Think you can start a men’s ministry group by persuading a bunch of guys to get together and talk about their feelings?
   
Forget it, said Geoff Gorsuch, executive director of men’s ministry for The Navigators, a ministry organization based in Colorado Springs, Colo.
   
“The word ‘feelings’ is a bad word for men,” Gorsuch told men’s ministry leaders attending Discipleship and Family Week at LifeWay Glorieta Conference Center, July 21–27.
   
“You avoid that word,” Gorsuch said. “You just don’t go there if you are trying to start a men’s ministry group.”
   
Men are motivated by challenges, Gorsuch said.
   
“Give him a challenge. Tell them we are going to meet together because we want to take the Christian life more seriously; we want to build better families or we want to change this community.

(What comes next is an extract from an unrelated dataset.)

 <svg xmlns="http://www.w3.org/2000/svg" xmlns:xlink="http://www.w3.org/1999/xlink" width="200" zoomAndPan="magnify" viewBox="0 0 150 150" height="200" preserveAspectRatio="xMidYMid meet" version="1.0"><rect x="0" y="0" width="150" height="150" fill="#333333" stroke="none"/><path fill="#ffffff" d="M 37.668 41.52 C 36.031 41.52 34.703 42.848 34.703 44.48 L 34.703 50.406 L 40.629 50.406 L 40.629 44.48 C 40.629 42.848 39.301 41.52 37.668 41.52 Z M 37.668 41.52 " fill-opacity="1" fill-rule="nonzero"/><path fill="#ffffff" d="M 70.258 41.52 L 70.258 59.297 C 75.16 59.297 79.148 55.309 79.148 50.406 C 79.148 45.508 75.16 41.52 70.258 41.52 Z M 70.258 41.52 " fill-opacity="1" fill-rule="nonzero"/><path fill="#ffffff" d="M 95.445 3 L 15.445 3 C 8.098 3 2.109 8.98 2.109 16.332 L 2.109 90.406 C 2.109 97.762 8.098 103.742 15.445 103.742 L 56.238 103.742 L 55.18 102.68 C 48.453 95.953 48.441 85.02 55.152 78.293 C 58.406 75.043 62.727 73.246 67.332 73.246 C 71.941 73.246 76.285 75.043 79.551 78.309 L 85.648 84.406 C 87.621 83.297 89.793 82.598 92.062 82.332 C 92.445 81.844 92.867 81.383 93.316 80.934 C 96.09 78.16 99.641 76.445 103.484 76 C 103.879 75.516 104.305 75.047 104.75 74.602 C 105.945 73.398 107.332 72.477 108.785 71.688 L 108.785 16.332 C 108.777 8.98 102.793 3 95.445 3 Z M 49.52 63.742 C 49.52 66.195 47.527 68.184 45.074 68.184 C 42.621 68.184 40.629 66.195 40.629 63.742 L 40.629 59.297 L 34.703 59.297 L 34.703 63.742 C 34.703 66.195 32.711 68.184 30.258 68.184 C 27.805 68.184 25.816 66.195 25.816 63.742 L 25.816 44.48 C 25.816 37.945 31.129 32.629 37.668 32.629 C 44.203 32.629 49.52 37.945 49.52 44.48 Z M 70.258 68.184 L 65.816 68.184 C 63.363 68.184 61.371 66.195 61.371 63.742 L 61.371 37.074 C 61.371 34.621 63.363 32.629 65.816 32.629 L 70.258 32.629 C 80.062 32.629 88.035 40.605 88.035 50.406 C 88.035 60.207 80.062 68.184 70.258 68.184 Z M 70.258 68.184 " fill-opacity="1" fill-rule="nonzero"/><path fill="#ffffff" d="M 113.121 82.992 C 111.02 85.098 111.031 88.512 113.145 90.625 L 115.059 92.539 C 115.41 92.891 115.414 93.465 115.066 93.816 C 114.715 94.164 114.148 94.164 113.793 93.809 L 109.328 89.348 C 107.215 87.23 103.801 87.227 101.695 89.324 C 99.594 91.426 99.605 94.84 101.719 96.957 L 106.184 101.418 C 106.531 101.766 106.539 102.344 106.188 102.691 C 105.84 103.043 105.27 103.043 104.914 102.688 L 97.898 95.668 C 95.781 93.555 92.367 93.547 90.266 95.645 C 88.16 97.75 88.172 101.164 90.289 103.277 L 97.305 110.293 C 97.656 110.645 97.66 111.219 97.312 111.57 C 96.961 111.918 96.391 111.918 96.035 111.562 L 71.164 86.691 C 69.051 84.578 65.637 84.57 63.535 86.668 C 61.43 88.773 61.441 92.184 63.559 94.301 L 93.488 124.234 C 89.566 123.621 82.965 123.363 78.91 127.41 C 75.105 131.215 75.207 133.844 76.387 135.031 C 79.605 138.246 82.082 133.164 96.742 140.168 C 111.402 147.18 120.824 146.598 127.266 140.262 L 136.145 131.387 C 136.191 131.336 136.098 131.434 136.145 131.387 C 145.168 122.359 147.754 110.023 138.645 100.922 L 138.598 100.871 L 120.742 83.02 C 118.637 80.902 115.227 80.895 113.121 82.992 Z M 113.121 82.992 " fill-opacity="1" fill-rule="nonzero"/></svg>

You can’t get them there by saying you want to develop a deep, intimate group.”
   
Gorsuch said to reach men, leaders are going to have to find out where they are mentally, emotionally and spiritually and then connect with them.
   
Unlike women’s groups, he said, you can’t just stick men in a room together, give them coffee and doughnuts.
   
Men are linear and women are integrated, he said.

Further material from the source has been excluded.